Voting machine providers condemn Arizona ballot audit

A letter from state Senate Republicans in Arizona, who are auditing the 2020 election results from Maricopa County because of suspicions of election fraud, calling for a public meeting for election officials there to answer questions about apparent problems has triggered a gusher of response.

The company that provided the voting machines, Dominion, has said it won’t cooperate, and county election officials posted a statement demanding “an immediate retraction of any public statements…”

It was a letter from Senate President Karen Fann to the Maricopa Board of Supervisors, and its chairman, Jack Sellers, that triggered the responses.

The Senate is conducting an audit of the 2020 presidential election results in Maricopa County and revealed this week county officials apparently erased an election database from a computer just before turning it over, under subpoena, for the audit.

“We have recently discovered that the entire ‘Database’ directory from the D drive of the machine ‘EMSPrimary’ has been deleted,” the letter said.

“This removes election related details that appear to have been covered by the subpoena. In addition, the main database for the Election Management System (EMS) Software, ‘Results Tally and Reporting,’ is not located anywhere on the EMSPrimary machine, even though all of the EMS Clients reference that machine as the location of the database,” the letter says.

“This suggests that the main database for all election related data for the November 2020 General Election has been removed. Can you please advise as to why these folders were deleted, and whether there are any backups that may contain the deleted folders?”

Fann has scheduled a meeting at the Arizona Capitol on Tuesday, May 18, to discuss this and several other issues, an event that she said “will be live-streamed to the public.”

But Sellers denied there was any problem. “I can say the allegations are false and ill-informed. Moreover, the claim that our employees deleted election files and destroyed evidence is outrageous, completely baseless and beneath the dignity of the Arizona Senate. I demand an immediate retraction of any public statements…”

He said the board of supervisors would hold a public meeting Monday to “refute lies.” There was no indication in the response statement whether officials would meet with the audit team to answer the questions that were raised.

Dominion also rejected the letter, claiming in a statement, “This is not funny; this is dangerous.”

The company claimed the contractors hired by the Senate president are not auditors and they are not certified by the U.S. Elections Assistance Commission. “No company should be compelled to cooperate,” it said.

County officials previously have said they do not have passwords to the voting machines, which were subpoenaed by the state senate for the audit. It would be likely that the company would have those, raising questions about exactly who ran the audit, the county or the private company.

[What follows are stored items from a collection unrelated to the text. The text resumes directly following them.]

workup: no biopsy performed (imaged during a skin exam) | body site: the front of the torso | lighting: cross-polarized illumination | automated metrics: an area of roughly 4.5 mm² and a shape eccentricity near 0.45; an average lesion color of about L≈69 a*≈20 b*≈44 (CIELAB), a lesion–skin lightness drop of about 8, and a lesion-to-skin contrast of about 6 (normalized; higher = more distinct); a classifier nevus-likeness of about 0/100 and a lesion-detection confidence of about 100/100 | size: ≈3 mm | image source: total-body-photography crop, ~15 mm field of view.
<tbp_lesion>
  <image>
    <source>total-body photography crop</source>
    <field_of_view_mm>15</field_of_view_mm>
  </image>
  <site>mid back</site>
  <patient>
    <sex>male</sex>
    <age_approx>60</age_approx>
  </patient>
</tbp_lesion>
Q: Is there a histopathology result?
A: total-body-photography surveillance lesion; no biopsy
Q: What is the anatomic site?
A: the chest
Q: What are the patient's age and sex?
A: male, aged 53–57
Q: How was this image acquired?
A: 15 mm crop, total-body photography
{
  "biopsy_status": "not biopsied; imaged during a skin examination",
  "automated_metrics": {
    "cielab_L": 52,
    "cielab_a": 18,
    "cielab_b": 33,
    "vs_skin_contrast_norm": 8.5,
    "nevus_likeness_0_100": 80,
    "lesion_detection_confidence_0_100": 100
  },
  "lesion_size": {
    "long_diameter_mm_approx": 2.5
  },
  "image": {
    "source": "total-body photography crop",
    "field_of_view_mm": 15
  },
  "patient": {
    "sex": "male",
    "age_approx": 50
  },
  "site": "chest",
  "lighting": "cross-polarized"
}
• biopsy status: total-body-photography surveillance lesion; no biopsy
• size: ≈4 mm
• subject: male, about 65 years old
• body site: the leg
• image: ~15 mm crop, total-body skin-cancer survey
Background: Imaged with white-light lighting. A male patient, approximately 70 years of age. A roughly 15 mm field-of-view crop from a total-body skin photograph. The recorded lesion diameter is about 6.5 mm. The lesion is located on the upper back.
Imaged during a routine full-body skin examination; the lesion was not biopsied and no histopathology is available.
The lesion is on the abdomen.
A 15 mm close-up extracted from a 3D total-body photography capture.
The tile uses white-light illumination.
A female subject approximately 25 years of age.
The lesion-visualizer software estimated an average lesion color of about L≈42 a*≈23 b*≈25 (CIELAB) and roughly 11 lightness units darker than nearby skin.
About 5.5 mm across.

The Gateway Pundit reported last November, an elections witness, Jan Bryant, testified to lawmakers that county officials didn’t run the election, but “two Dominion employees in the audit center ran the election.”

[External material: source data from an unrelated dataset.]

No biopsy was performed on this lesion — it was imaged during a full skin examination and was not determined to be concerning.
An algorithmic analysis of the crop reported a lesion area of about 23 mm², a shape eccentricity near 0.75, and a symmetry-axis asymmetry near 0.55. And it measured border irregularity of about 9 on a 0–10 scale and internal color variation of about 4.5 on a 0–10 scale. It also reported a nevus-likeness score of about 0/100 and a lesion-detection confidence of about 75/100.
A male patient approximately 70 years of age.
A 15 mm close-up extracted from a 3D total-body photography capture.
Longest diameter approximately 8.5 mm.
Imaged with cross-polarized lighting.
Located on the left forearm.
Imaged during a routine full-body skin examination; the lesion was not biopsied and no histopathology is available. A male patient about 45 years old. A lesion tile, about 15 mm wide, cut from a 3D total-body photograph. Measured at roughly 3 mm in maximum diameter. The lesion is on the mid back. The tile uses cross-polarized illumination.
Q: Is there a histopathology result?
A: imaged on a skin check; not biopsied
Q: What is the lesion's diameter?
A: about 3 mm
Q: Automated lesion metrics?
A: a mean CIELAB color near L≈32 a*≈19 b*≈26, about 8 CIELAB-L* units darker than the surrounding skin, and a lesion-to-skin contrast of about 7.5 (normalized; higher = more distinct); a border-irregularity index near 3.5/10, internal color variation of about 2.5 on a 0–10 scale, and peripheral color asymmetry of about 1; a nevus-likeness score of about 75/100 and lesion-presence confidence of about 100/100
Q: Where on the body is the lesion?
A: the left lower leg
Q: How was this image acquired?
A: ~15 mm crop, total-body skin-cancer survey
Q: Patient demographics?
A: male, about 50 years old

“This explains why Maricopa County officials do not have Admin passwords or access to the Dominion voting machines. They never had them!” the Gateway Pundit wrote.

Audit chief Ken Bennett told One America News earlier in the week Dominion was refusing to comply with a court-approved subpoena and turn over the passwords.

The GOP members of the Senate announced the full audit of the county’s results in 2020 because the state was one of six where the results raised objections from lawmakers based on evidence of fraud.

Democrats fought vigorously to prevent any review of the count, which narrowly gave the victory to Joe Biden. In fact, multiple disputes continue in various states where a total of only about 43,000 votes across the different jurisdictions gave the presidency to Biden.

That happened as multiple situations developed raising concern about the integrity of the election. Leftist Mark Zuckerberg gave $400 million to a special interest group to hand out to officials running the election, and in at least some cases those outside groups insisted on taking control of election procedures. There were anomalous vote result reports, where suddenly, after a halt in the counting with President Trump in the lead, counting was resumed with Biden in the lead.

What’s not even at issue is that in several states officials arbitrarily changed state laws regarding voting – in their attempts to accommodate the COVID-19 pandemic, even though the Constitution requires state lawmakers to set those practices.

Experts have said the audit in Maricopa County could trigger demands for audits in those other states that were battlegrounds.

Fann’s letter cited several issues to be discussed, including the county’s decision to renege on a commitment to comply with the court-approved subpoena, an issue involve access to routers used in the election and questions over chain of custody.

The Senate letter charged that bags containing ballots were not sealed, sometimes batches within a box are separated by only a divider and sometimes those are entirely missing. And “the audit team has encountered a significant number of instances in which there is a disparity between the actual number of ballots contained in a batch and the total denoted on the ink report slip,” she pointed out.

“What are the reasons for these discrepancies?”